_Exercise description_
Restate the following entries exactly, including every line.

_Source material_

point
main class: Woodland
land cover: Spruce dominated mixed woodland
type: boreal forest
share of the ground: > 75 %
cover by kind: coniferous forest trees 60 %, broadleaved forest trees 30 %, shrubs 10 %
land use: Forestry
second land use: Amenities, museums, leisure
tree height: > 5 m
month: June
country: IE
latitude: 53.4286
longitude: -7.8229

_Answer to this exercise_
point
main class: Woodland
land cover: Spruce dominated mixed woodland
type: boreal forest
share of the ground: > 75 %
cover by kind: coniferous forest trees 60 %, broadleaved forest trees 30 %, shrubs 10 %
land use: Forestry
second land use: Amenities, museums, leisure
tree height: > 5 m
month: June
country: IE
latitude: 53.4286
longitude: -7.8229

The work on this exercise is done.